门房内的刘明,此刻睡得正香。忽然听到外面有人敲门,坐起来仔细一听,辨出是自家主人的声音,而且是呼声甚急。他急忙点上灯,披衣下炕,撒着鞋,慌里慌张地出来给主人把门打开。
刘员外一步跨进门来,嘴里“呼呼”直喘,半天才缓上一口气来:“哎呀!刘明,可吓死我了。”
刘明急忙给员外搬来一张椅子。疑惑地问:“老爷,快点请坐,什么事把您给吓成了这样?”
刘员外坐下之后,喘息片刻,刚刚回过神来,就又吩咐刘明:“你快去把刘福给我叫来,我有事安排。”刘明应声,急忙向院里跑去。
柳叶儿屋内,刘福搂着柳叶儿还在亲热。忽然听到刘明在自己的屋外呼叫自己。他急忙爬起身侧耳听了起来。
刘明此刻正站在刘福的窗外,一声声地喊着:“刘总管,刘总管,快点起来,老爷有事找你。”
刘福一听是员外回来了,而且点名要找自己,心中一惊。急忙对柳叶儿道:“糟了,莫非叫那老儿发觉了不成?”
柳叶儿一听,更是惊慌:“都怪你,这可怎么办呀?”
刘福微微喘着粗气,尽量安抚着柳叶儿:“先别慌,等我出去看看再说。”说着话,他摸着黑,急忙胡乱地穿上衣服,悄悄地溜出了柳叶儿的屋子。
刘福溜到暗处,看见刘明就站在自己的窗外。于是,便急忙贴着墙根往茅房溜去。
此时,刘明又在拍打着他的窗子:“刘总管,刘总管!”刘福从茅房里慢腾腾地走来,他一边用手抓着裤子,一边故意大声嚷着:“你叫喊什么?人家拉屎也不得清静。”

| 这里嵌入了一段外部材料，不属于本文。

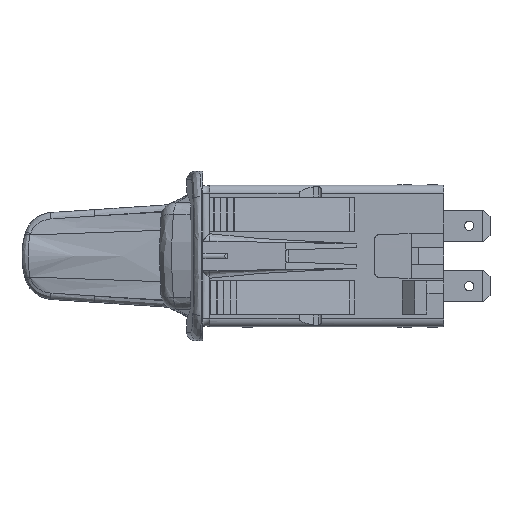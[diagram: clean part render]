
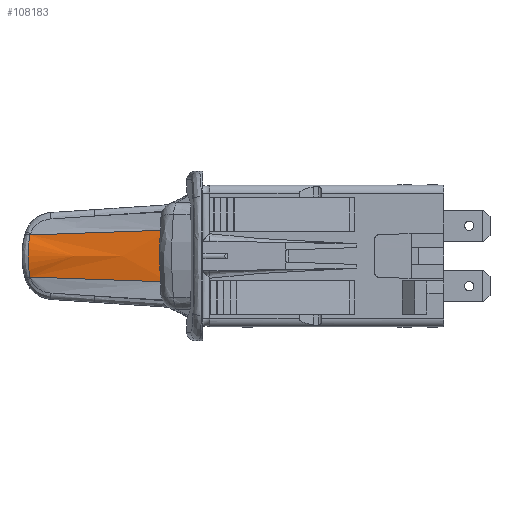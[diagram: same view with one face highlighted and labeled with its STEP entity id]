
A CAD part, left-side view. The second image highlights one B-rep face of the part: STEP entity #108183.
In plain terms, the highlighted free-form (B-spline) face has degree [3, 3] with [5, 4] control points.
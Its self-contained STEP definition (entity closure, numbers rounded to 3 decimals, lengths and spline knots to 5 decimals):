
#31244=DIRECTION('',(-0.069,-0.997,0.035));
#31245=VECTOR('',#31244,0.8401);
#31246=CARTESIAN_POINT('',(-0.04919,2.49112,
0.12691));
#31247=LINE('',#31246,#31245);
#31279=CARTESIAN_POINT('',(-0.10722,1.65356,
0.15654));
#31300=CARTESIAN_POINT('',(-0.10722,1.65356,
-0.15654));
#31301=CARTESIAN_POINT('',(-0.10747,1.65385,
-0.13808));
#31302=CARTESIAN_POINT('',(-0.10789,1.65434,
-0.10189));
#31303=CARTESIAN_POINT('',(-0.10826,1.65475,
-0.05038));
#31304=CARTESIAN_POINT('',(-0.10839,1.65489,
0.00001));
#31305=CARTESIAN_POINT('',(-0.10826,1.65475,
0.0504));
#31306=CARTESIAN_POINT('',(-0.10789,1.65434,
0.1019));
#31307=CARTESIAN_POINT('',(-0.10747,1.65385,
0.13808));
#31308=CARTESIAN_POINT('',(-0.10722,1.65356,
0.15654));
#31821=CARTESIAN_POINT('',(-0.04919,2.49112,
0.12691));
#31870=CARTESIAN_POINT('',(-0.04919,2.49112,
-0.12691));
#31871=CARTESIAN_POINT('',(-0.05023,2.49163,
-0.12434));
#31872=CARTESIAN_POINT('',(-0.05224,2.49262,
-0.11921));
#31873=CARTESIAN_POINT('',(-0.05507,2.49401,
-0.11148));
#31874=CARTESIAN_POINT('',(-0.0577,2.49531,
-0.10374));
#31875=CARTESIAN_POINT('',(-0.06013,2.4965,
-0.09599));
#31876=CARTESIAN_POINT('',(-0.06236,2.49761,
-0.08823));
#31877=CARTESIAN_POINT('',(-0.0644,2.49861,
-0.08048));
#31878=CARTESIAN_POINT('',(-0.06624,2.49952,
-0.07273));
#31879=CARTESIAN_POINT('',(-0.06789,2.50034,
-0.06499));
#31880=CARTESIAN_POINT('',(-0.06936,2.50106,
-0.05727));
#31881=CARTESIAN_POINT('',(-0.07063,2.50168,
-0.04955));
#31882=CARTESIAN_POINT('',(-0.07172,2.50221,
-0.04186));
#31883=CARTESIAN_POINT('',(-0.07262,2.50265,
-0.03419));
#31884=CARTESIAN_POINT('',(-0.07334,2.503,
-0.02655));
#31885=CARTESIAN_POINT('',(-0.07388,2.50326,
-0.01893));
#31886=CARTESIAN_POINT('',(-0.07423,2.50344,
-0.01134));
#31887=CARTESIAN_POINT('',(-0.07441,2.50352,
-0.00377));
#31888=CARTESIAN_POINT('',(-0.07441,2.50352,
0.00379));
#31889=CARTESIAN_POINT('',(-0.07424,2.50344,
0.01135));
#31890=CARTESIAN_POINT('',(-0.07388,2.50326,
0.01894));
#31891=CARTESIAN_POINT('',(-0.07334,2.503,
0.02654));
#31892=CARTESIAN_POINT('',(-0.07262,2.50265,
0.03419));
#31893=CARTESIAN_POINT('',(-0.07172,2.50221,
0.04187));
#31894=CARTESIAN_POINT('',(-0.07063,2.50168,
0.04956));
#31895=CARTESIAN_POINT('',(-0.06935,2.50105,
0.05728));
#31896=CARTESIAN_POINT('',(-0.06789,2.50033,
0.065));
#31897=CARTESIAN_POINT('',(-0.06624,2.49952,
0.07274));
#31898=CARTESIAN_POINT('',(-0.0644,2.49861,
0.08049));
#31899=CARTESIAN_POINT('',(-0.06236,2.49761,
0.08824));
#31900=CARTESIAN_POINT('',(-0.06012,2.4965,
0.09599));
#31901=CARTESIAN_POINT('',(-0.0577,2.49531,
0.10374));
#31902=CARTESIAN_POINT('',(-0.05507,2.49401,
0.11148));
#31903=CARTESIAN_POINT('',(-0.05224,2.49262,
0.11921));
#31904=CARTESIAN_POINT('',(-0.05023,2.49163,
0.12434));
#31905=CARTESIAN_POINT('',(-0.04919,2.49112,
0.12691));
#31912=DIRECTION('',(-0.069,-0.997,-0.035));
#31913=VECTOR('',#31912,0.8401);
#31914=CARTESIAN_POINT('',(-0.04919,2.49112,
-0.12691));
#31915=LINE('',#31914,#31913);
#66779=VERTEX_POINT('',#31821);
#66781=VERTEX_POINT('',#31870);
#66811=VERTEX_POINT('',#31279);
#66813=VERTEX_POINT('',#31300);
#108155=CARTESIAN_POINT('',(-0.04609,2.52052,
0.12823));
#108156=CARTESIAN_POINT('',(-0.06685,2.22587,
0.13892));
#108157=CARTESIAN_POINT('',(-0.08761,1.93121,
0.1496));
#108158=CARTESIAN_POINT('',(-0.10837,1.63656,
0.16029));
#108159=CARTESIAN_POINT('',(-0.06415,2.52052,
0.08833));
#108160=CARTESIAN_POINT('',(-0.07904,2.22587,
0.09453));
#108161=CARTESIAN_POINT('',(-0.09394,1.93121,
0.10073));
#108162=CARTESIAN_POINT('',(-0.10883,1.63656,
0.10693));
#108163=CARTESIAN_POINT('',(-0.08331,2.52052,
0.));
#108164=CARTESIAN_POINT('',(-0.09198,2.22587,
0.));
#108165=CARTESIAN_POINT('',(-0.10065,1.93121,
0.));
#108166=CARTESIAN_POINT('',(-0.10932,1.63656,
0.));
#108167=CARTESIAN_POINT('',(-0.06415,2.52052,
-0.08833));
#108168=CARTESIAN_POINT('',(-0.07904,2.22587,
-0.09453));
#108169=CARTESIAN_POINT('',(-0.09394,1.93121,
-0.10073));
#108170=CARTESIAN_POINT('',(-0.10883,1.63656,
-0.10693));
#108171=CARTESIAN_POINT('',(-0.04609,2.52052,
-0.12823));
#108172=CARTESIAN_POINT('',(-0.06685,2.22587,
-0.13892));
#108173=CARTESIAN_POINT('',(-0.08761,1.93121,
-0.1496));
#108174=CARTESIAN_POINT('',(-0.10837,1.63656,
-0.16029));
#108175=B_SPLINE_SURFACE_WITH_KNOTS('',3,3,((#108155,#108156,#108157,#108158),(
#108159,#108160,#108161,#108162),(#108163,#108164,#108165,#108166),(#108167,
#108168,#108169,#108170),(#108171,#108172,#108173,#108174)),.UNSPECIFIED.,.F.,
.F.,.F.,(4,1,4),(4,4),(0.24329,0.5,0.75671),(
0.02628,0.97521),.UNSPECIFIED.);
#108176=ORIENTED_EDGE('',*,*,#107252,.F.);
#108178=ORIENTED_EDGE('',*,*,#108177,.F.);
#108179=ORIENTED_EDGE('',*,*,#108148,.T.);
#108180=ORIENTED_EDGE('',*,*,#107130,.T.);
#108181=EDGE_LOOP('',(#108176,#108178,#108179,#108180));
#108182=FACE_OUTER_BOUND('',#108181,.F.);
#31309=B_SPLINE_CURVE_WITH_KNOTS('',3,(#31300,#31301,#31302,#31303,#31304,
#31305,#31306,#31307,#31308),.UNSPECIFIED.,.F.,.F.,(4,1,1,1,1,1,4),(0.,
0.16667,0.33333,0.5,0.66667,0.83333,
1.),.UNSPECIFIED.);
#31906=B_SPLINE_CURVE_WITH_KNOTS('',3,(#31870,#31871,#31872,#31873,#31874,
#31875,#31876,#31877,#31878,#31879,#31880,#31881,#31882,#31883,#31884,#31885,
#31886,#31887,#31888,#31889,#31890,#31891,#31892,#31893,#31894,#31895,#31896,
#31897,#31898,#31899,#31900,#31901,#31902,#31903,#31904,#31905),.UNSPECIFIED.,
.F.,.F.,(4,1,1,1,1,1,1,1,1,1,1,1,1,1,1,1,1,1,1,1,1,1,1,1,1,1,1,1,1,1,1,1,1,4),(
0.,0.0303,0.06061,0.09091,0.12121,
0.15152,0.18182,0.21212,0.24242,
0.27273,0.30303,0.33333,0.36364,
0.39394,0.42424,0.45455,0.48485,
0.51515,0.54545,0.57576,0.60606,
0.63636,0.66667,0.69697,0.72727,
0.75758,0.78788,0.81818,0.84848,
0.87879,0.90909,0.93939,0.9697,1.),
.UNSPECIFIED.);
#107130=EDGE_CURVE('',#66779,#66811,#31247,.T.);
#107252=EDGE_CURVE('',#66813,#66811,#31309,.T.);
#108148=EDGE_CURVE('',#66781,#66779,#31906,.T.);
#108177=EDGE_CURVE('',#66781,#66813,#31915,.T.);
#108183=ADVANCED_FACE('',(#108182),#108175,.T.);
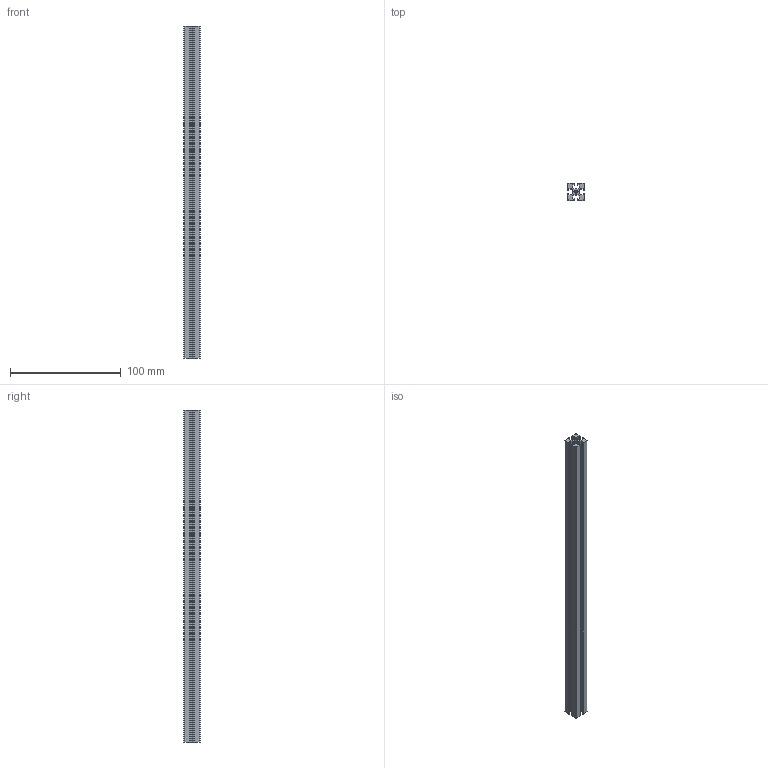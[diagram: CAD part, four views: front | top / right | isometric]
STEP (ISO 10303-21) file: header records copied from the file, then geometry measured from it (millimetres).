
FILE_DESCRIPTION(/* description */ (''),/* implementation_level */ '2;1');
FILE_NAME(/* name */ 'HFS3-1515-300.stp',/* time_stamp */ '2016-03-27T18:31:35-04:00',/* author */ (''),/* organization */ (''),/* preprocessor_version */ 'ST-DEVELOPER v16.2',/* originating_system */ 'Autodesk Translation Framework v4.3.0.3010',/* authorisation */ '');
FILE_SCHEMA (('AUTOMOTIVE_DESIGN { 1 0 10303 214 3 1 1 }'));
Length unit declared in the file: centimetre
Products named in the file (1): HFS3-1515-300 v1
Bounding box: 15 x 15 x 300 mm (x, y, z)
Volume: 37624.4 mm3; surface area: 35370 mm2
Topology: 1 solids, 1 shells, 71 faces, 207 edges, 138 vertices
Faces by surface type: plane 58, cylinder 13
Full cylindrical faces by diameter (mm): 2.5 x1
Entity records: 2357 total; most frequent: CARTESIAN_POINT 416, ORIENTED_EDGE 412, DIRECTION 376, EDGE_CURVE 206, LINE 180, VECTOR 180, VERTEX_POINT 138, AXIS2_PLACEMENT_3D 98
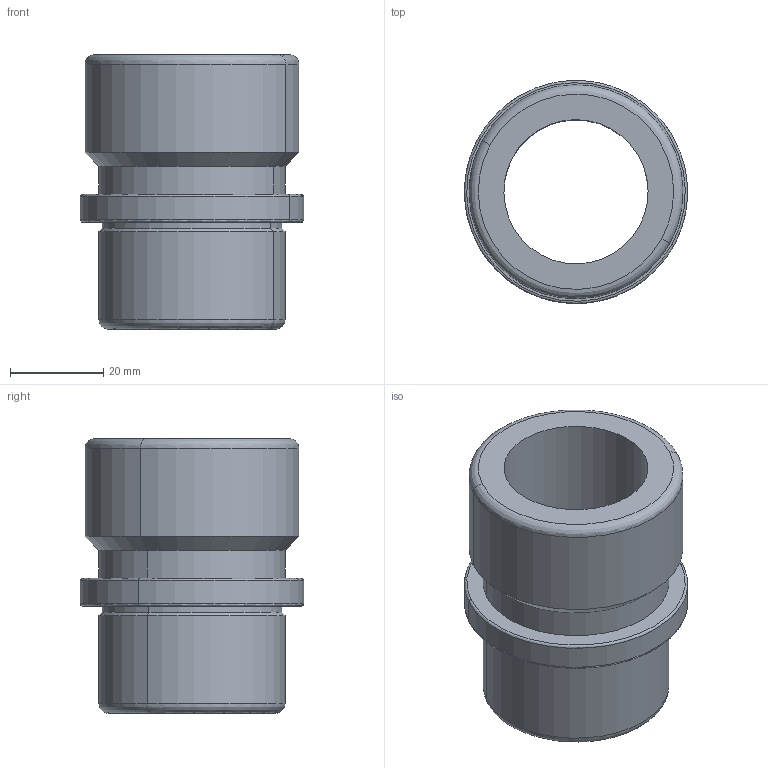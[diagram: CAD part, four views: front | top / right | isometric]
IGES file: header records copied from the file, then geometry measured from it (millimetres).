
Start section: START RECORD GO HERE.
Global section: file name: RDBA300M.2559.igs; native system: IBM CATIA IGES - CATIA Version 5 Release 19 ; preprocessor: CATIA Version 5 Release 19 ; author: Astroboy; organization: Astroboy-PC; date: 20170324.230249; units: millimetre
Bounding box: 47.99 x 47.99 x 59 mm (x, y, z)
Surface area: 16232.3 mm2 (no closed solid volume)
Topology: 0 solids, 0 shells, 28 faces, 117 edges, 121 vertices
Faces by surface type: revolution 24, plane 4
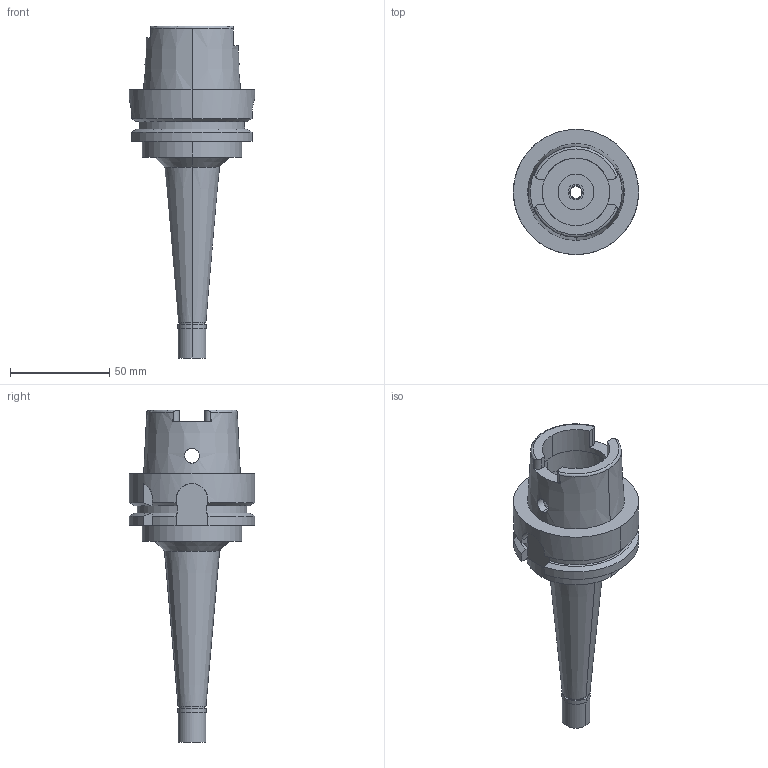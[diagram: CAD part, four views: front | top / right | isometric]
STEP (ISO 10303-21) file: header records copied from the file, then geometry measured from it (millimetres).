
FILE_DESCRIPTION((''),'2;1');
FILE_NAME('HA63MS06135T-060_ASM','2017-10-18T',('ykawabe'),(''),'CREO PARAMETRIC BY PTC INC, 2016380','CREO PARAMETRIC BY PTC INC, 2016380','');
FILE_SCHEMA(('AUTOMOTIVE_DESIGN { 1 0 10303 214 1 1 1 1 }'));
Length unit declared in the file: millimetre
Products named in the file (5): HSK-A63-MEGA6S-135T_1; NBC6S-6AA_1; MGN6S_1; DXF_TEMP_ASSY_ASM_4_ASM; HA63MS06135T-060_ASM
Assembly tree (4 placements, depth 3):
  HA63MS06135T-060_ASM
    DXF_TEMP_ASSY_ASM_4_ASM
      HSK-A63-MEGA6S-135T_1
      NBC6S-6AA_1
      MGN6S_1
Bounding box: 63 x 63 x 167 mm (x, y, z)
Volume: 127457.1 mm3; surface area: 34246.1 mm2
Topology: 3 solids, 3 shells, 149 faces, 379 edges, 247 vertices
Faces by surface type: cylinder 65, plane 50, cone 30, torus 4
Entity records: 6831 total; most frequent: CARTESIAN_POINT 1105, DIRECTION 860, ORIENTED_EDGE 758, PRESENTATION_STYLE_ASSIGNMENT 387, STYLED_ITEM 387, CURVE_STYLE 384, EDGE_CURVE 379, AXIS2_PLACEMENT_3D 349
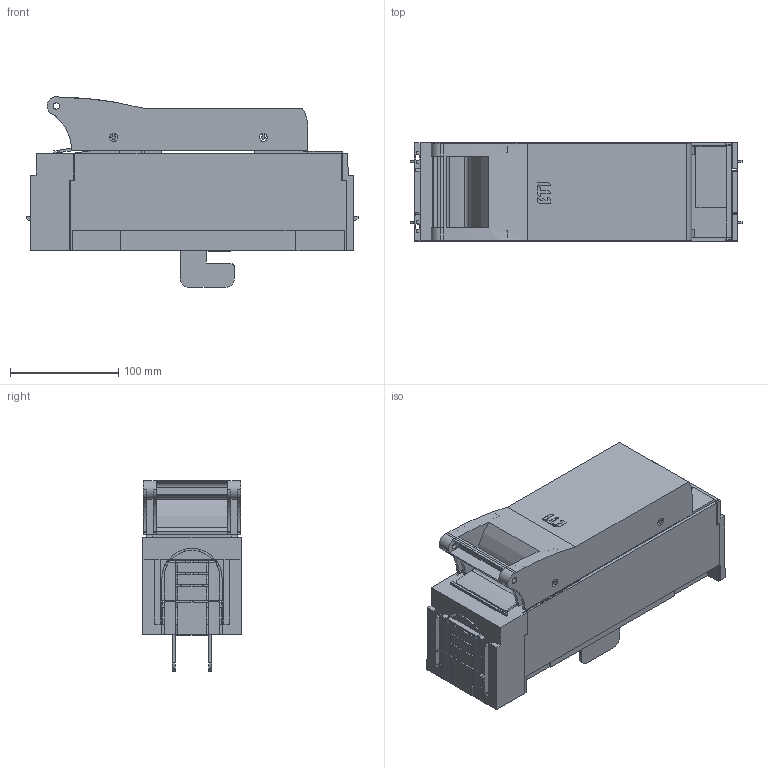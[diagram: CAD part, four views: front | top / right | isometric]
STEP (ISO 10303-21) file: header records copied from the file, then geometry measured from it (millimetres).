
FILE_DESCRIPTION((''),'2;1');
FILE_NAME('KVL-B-3_1P_M10_ASM','2021-04-16T',('marketing.praksa'),('Audax d.o.o.'),'CREO PARAMETRIC BY PTC INC, 2017480','CREO PARAMETRIC BY PTC INC, 2017480','');
FILE_SCHEMA(('AUTOMOTIVE_DESIGN { 1 0 10303 214 1 1 1 1 }'));
Length unit declared in the file: millimetre
Products named in the file (16): 158684_L_NH-KONTAKT__GR_3___KET; 34242_L_KETO_SCHUTZABDECKUNG_UN; 60571_SOND-GWD-STIFT-DIN915-M_1; 61208_L_SCHEIBE_1_1; 158226_KLEMMBUEGEL_1_1; 60185_L_SETZMUTTER_M12_1_1; 802977_L_KLEMMBUEGEL_SK123-T__1_ASM; 34241_L_KETO-SCHUTZABDECKUNG_OB; 158641_01_L_ANSCHLUSSLASCHE_GR_; 66905_SPANNSCHEIBE_DIN_6796_12_; 34240_01_L_TRENNERGEHAEUSE_KETO; 68290_SECHSKANTSCHRAUBE_M12X25_; 158650_01_L_ANSCHLUSSSCHIENE_KE; PRT0130; PRT8781; KVL-B-3_1P_M10_ASM
Assembly tree (16 placements, depth 3):
  KVL-B-3_1P_M10_ASM
    158684_L_NH-KONTAKT__GR_3___KET  x2
    34242_L_KETO_SCHUTZABDECKUNG_UN
    802977_L_KLEMMBUEGEL_SK123-T__1_ASM
      60571_SOND-GWD-STIFT-DIN915-M_1
      61208_L_SCHEIBE_1_1
      158226_KLEMMBUEGEL_1_1
      60185_L_SETZMUTTER_M12_1_1
    34241_L_KETO-SCHUTZABDECKUNG_OB
    158641_01_L_ANSCHLUSSLASCHE_GR_
    66905_SPANNSCHEIBE_DIN_6796_12_
    34240_01_L_TRENNERGEHAEUSE_KETO
    68290_SECHSKANTSCHRAUBE_M12X25_
    158650_01_L_ANSCHLUSSSCHIENE_KE
    PRT0130
    PRT8781
Bounding box: 306.48 x 90.75 x 175.8 mm (x, y, z)
Volume: 1307471.8 mm3; surface area: 480049.1 mm2
Topology: 17 solids, 17 shells, 1173 faces, 3437 edges, 2291 vertices
Faces by surface type: plane 861, cylinder 277, cone 29, extrusion 4, torus 2
Entity records: 57385 total; most frequent: CARTESIAN_POINT 7100, ORIENTED_EDGE 6698, DIRECTION 6215, PRESENTATION_STYLE_ASSIGNMENT 4510, STYLED_ITEM 4510, CURVE_STYLE 3351, EDGE_CURVE 3349, VECTOR 2679

刘明循着话声找去:“哎呀,你怎么在茅房里?快点快点,不是我找你,是员外爷在门房等你。”
刘福一边系着裤子,一边紧张地问:“员外他找我什么事?”
刘明不耐烦地说:“我哪里知道,你快点出去看看不就知道了。”
刘福心里忐忑不安,可还装作无事地说:“好好好,快走吧。”说着,便随同刘明一起向前院的门房里走去。